About this task: Keep the pictures out while you transcribe the listing below exactly.

Entries provided:
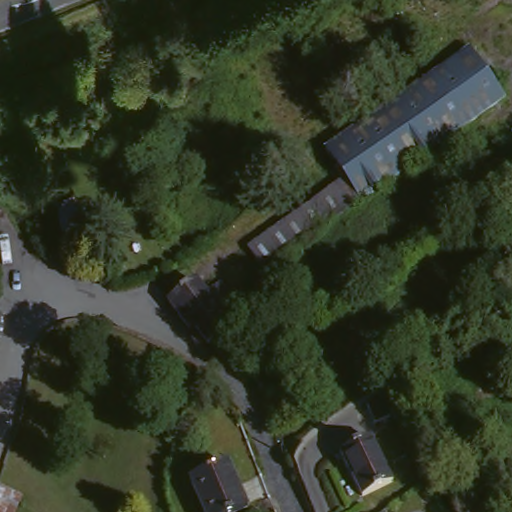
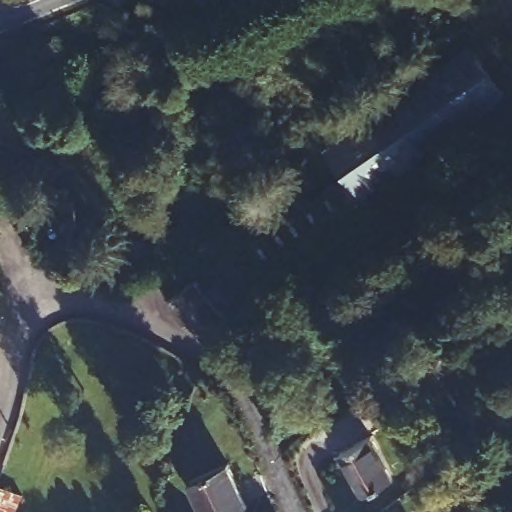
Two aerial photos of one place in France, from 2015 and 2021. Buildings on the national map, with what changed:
unchanged [(239,250),(335,180),(314,151),(461,50),(496,98),(349,202),(349,204),(255,272),(239,250)]
unchanged [(50,197),(72,189),(84,220),(62,227),(50,197)]
unchanged [(186,328),(180,331),(161,307),(191,287),(201,300),(216,289),(230,308),(215,318),(226,333),(202,350),(186,328)]
unchanged [(3,311),(0,330),(0,310),(3,311)]
unchanged [(253,378),(272,367),(285,386),(267,397),(253,378)]
unchanged [(383,421),(368,427),(361,411),(376,404),(383,421)]
unchanged [(341,453),(372,439),(391,481),(361,496),(341,453)]
unchanged [(229,465),(247,508),(239,512),(203,512),(190,482),(229,465)]
unchanged [(19,512),(0,512),(0,482),(0,481),(27,492),(19,512)]

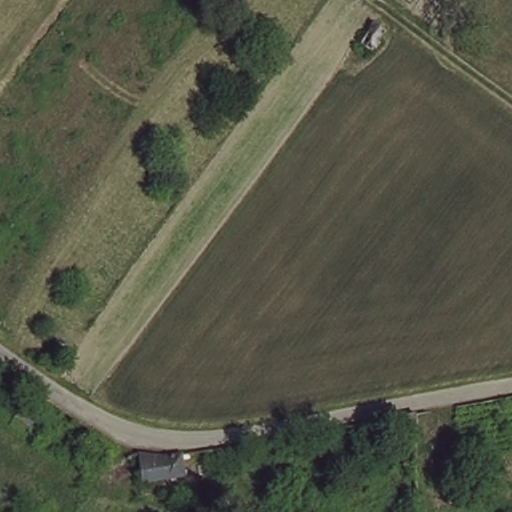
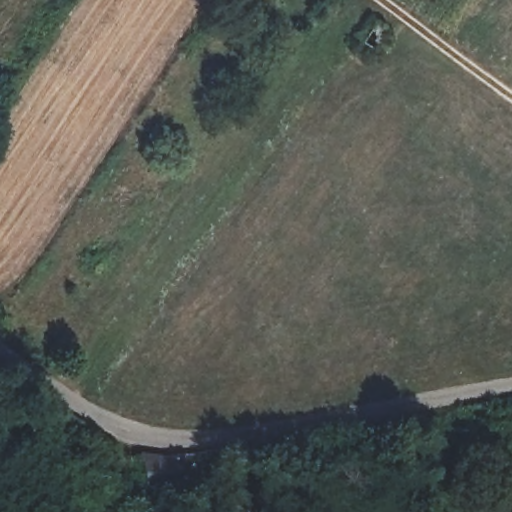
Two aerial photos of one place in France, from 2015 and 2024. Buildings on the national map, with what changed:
unchanged [(356,43),(371,16),(389,26),(372,51),(356,43)]
unchanged [(151,481),(150,454),(174,450),(176,480),(151,481)]

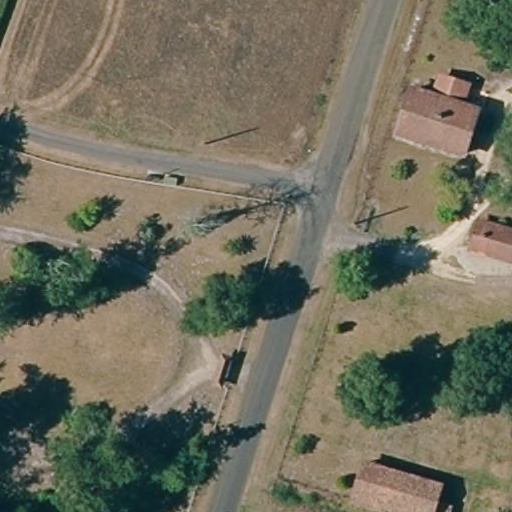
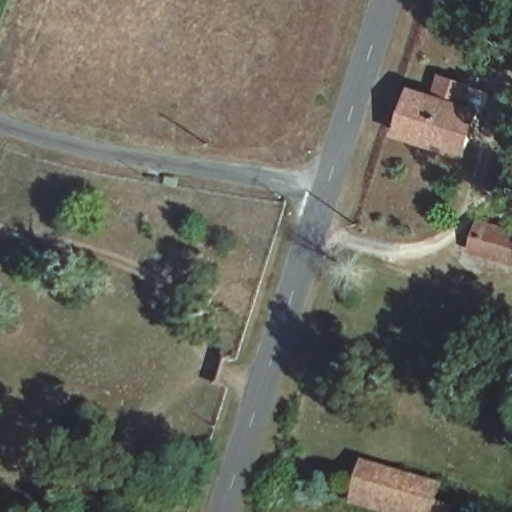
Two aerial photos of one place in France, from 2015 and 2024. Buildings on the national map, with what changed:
unchanged [(463,158),(396,140),(411,93),(438,101),(443,84),(470,91),(466,109),(476,112),(463,158)]
unchanged [(512,232),(512,251),(509,259),(475,250),(482,224),(512,232)]
unchanged [(389,512),(352,501),(366,462),(440,487),(433,503),(458,509),(457,512),(389,512)]

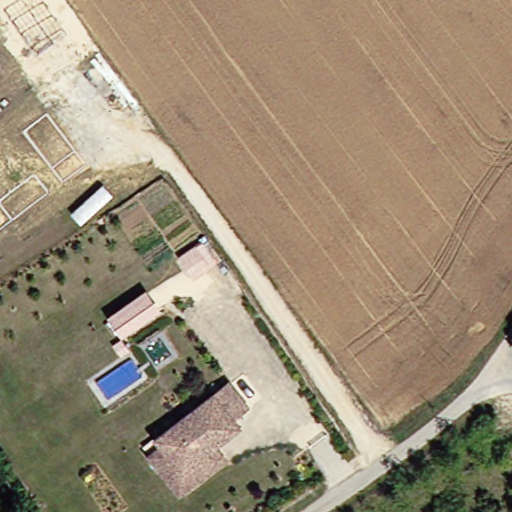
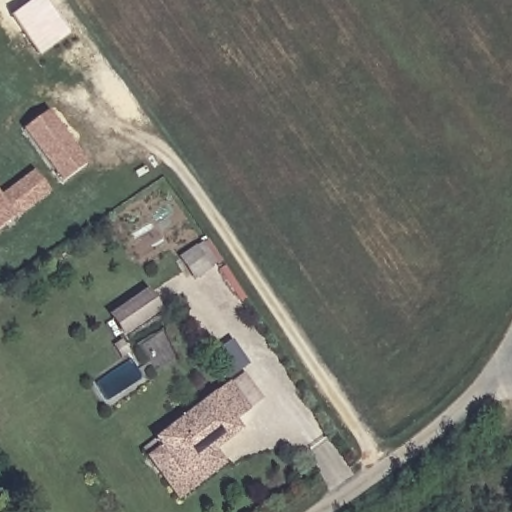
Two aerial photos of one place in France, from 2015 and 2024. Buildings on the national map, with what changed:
new [(29,0),(47,0),(70,33),(38,55),(9,15),(29,0)]
new [(48,112),(85,163),(62,182),(24,130),(48,112)]
new [(47,192),(0,227),(0,200),(33,174),(47,192)]
unchanged [(208,264),(221,283),(207,292),(194,273),(208,264)]
unchanged [(162,311),(124,338),(108,316),(147,289),(162,311)]
unchanged [(244,417),(230,429),(237,437),(212,460),(182,487),(160,461),(153,453),(222,392),(244,417)]
unchanged [(222,471),(177,512),(145,475),(160,461),(182,487),(212,460),(222,471)]

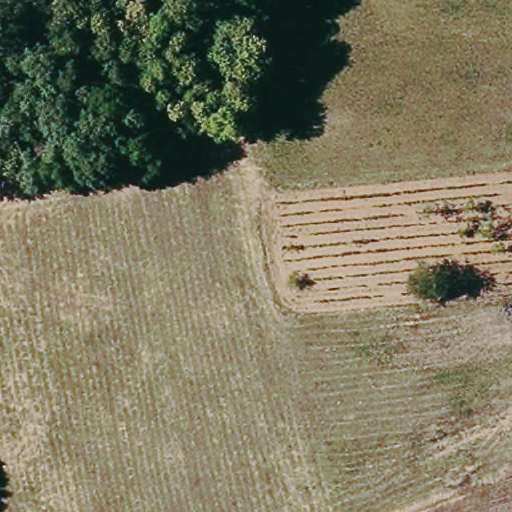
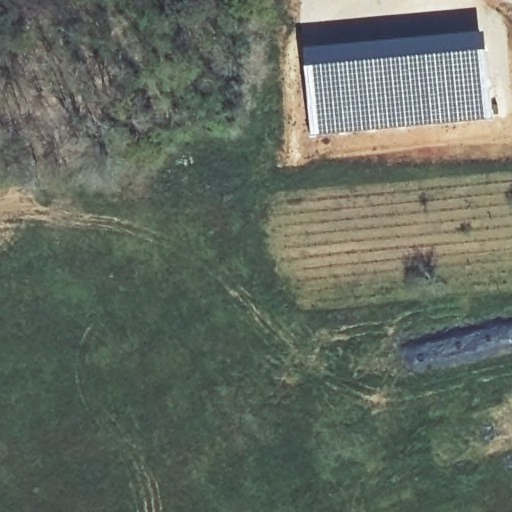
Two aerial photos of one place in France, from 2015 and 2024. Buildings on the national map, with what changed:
new [(484,29),(497,120),(310,135),(302,44),(484,29)]

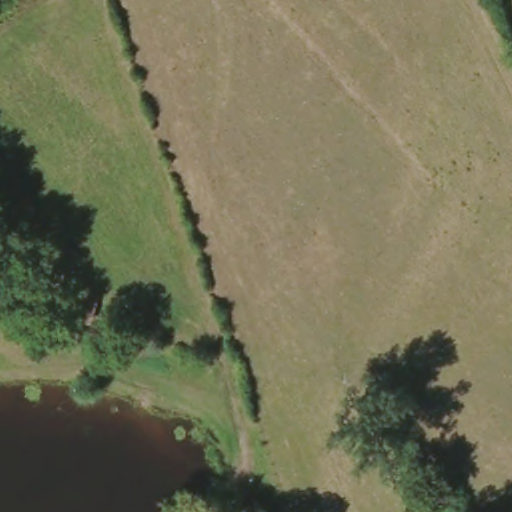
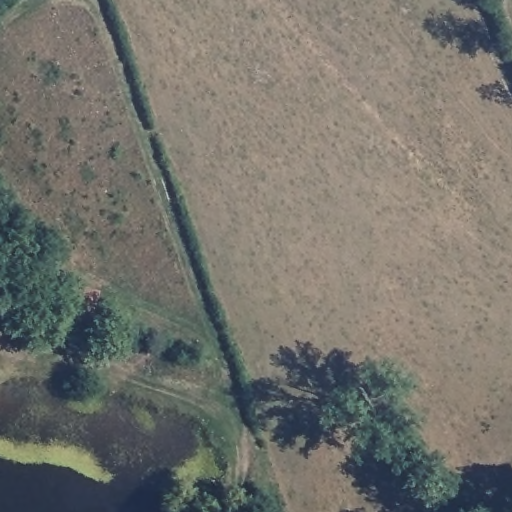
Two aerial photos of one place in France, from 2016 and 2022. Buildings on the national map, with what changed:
unchanged [(70,284),(99,292),(90,325),(61,318),(70,284)]

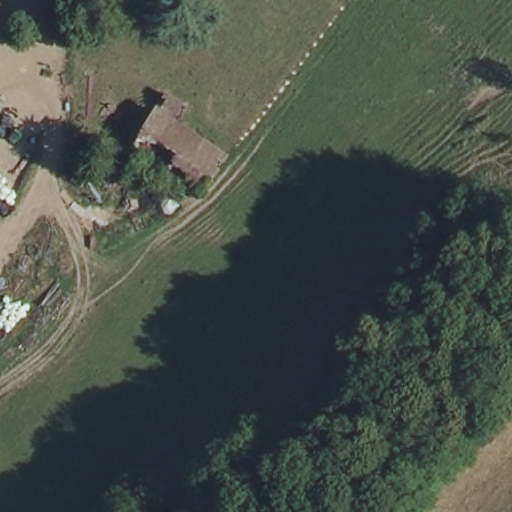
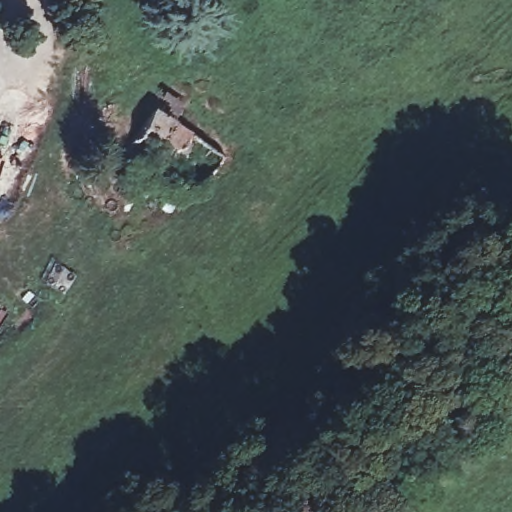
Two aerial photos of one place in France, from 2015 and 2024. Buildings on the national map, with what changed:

Exercise response:
Two aerial photos of one place in France, from 2015 and 2021. Buildings on the national map, with what changed:
unchanged [(239,250),(335,180),(314,151),(461,50),(496,98),(349,202),(349,204),(255,272),(239,250)]
unchanged [(50,197),(72,189),(84,220),(62,227),(50,197)]
unchanged [(186,328),(180,331),(161,307),(191,287),(201,300),(216,289),(230,308),(215,318),(226,333),(202,350),(186,328)]
unchanged [(3,311),(0,330),(0,310),(3,311)]
unchanged [(253,378),(272,367),(285,386),(267,397),(253,378)]
unchanged [(383,421),(368,427),(361,411),(376,404),(383,421)]
unchanged [(341,453),(372,439),(391,481),(361,496),(341,453)]
unchanged [(229,465),(247,508),(239,512),(203,512),(190,482),(229,465)]
unchanged [(19,512),(0,512),(0,482),(0,481),(27,492),(19,512)]

Two aerial photos of one place in France, from 2015 and 2024. Buildings on the national map, with what changed:
unchanged [(356,43),(371,16),(389,26),(372,51),(356,43)]
unchanged [(151,481),(150,454),(174,450),(176,480),(151,481)]

Two aerial photos of one place in France, from 2015 and 2024. Buildings on the national map, with what changed:
unchanged [(463,158),(396,140),(411,93),(438,101),(443,84),(470,91),(466,109),(476,112),(463,158)]
unchanged [(512,232),(512,251),(509,259),(475,250),(482,224),(512,232)]
unchanged [(389,512),(352,501),(366,462),(440,487),(433,503),(458,509),(457,512),(389,512)]

Two aerial photos of one place in France, from 2015 and 2024. Buildings on the national map, with what changed:
new [(29,0),(47,0),(70,33),(38,55),(9,15),(29,0)]
new [(48,112),(85,163),(62,182),(24,130),(48,112)]
new [(47,192),(0,227),(0,200),(33,174),(47,192)]
unchanged [(208,264),(221,283),(207,292),(194,273),(208,264)]
unchanged [(162,311),(124,338),(108,316),(147,289),(162,311)]
unchanged [(244,417),(230,429),(237,437),(212,460),(182,487),(160,461),(153,453),(222,392),(244,417)]
unchanged [(222,471),(177,512),(145,475),(160,461),(182,487),(212,460),(222,471)]

Two aerial photos of one place in France, from 2015 and 2024. Buildings on the national map, with what changed:
new [(484,29),(497,120),(310,135),(302,44),(484,29)]

Two aerial photos of one place in France, from 2016 and 2022. Buildings on the national map, with what changed:
unchanged [(70,284),(99,292),(90,325),(61,318),(70,284)]

Two aerial photos of one place in France, from 2015 and 2024. Buildings on the national map, with what changed:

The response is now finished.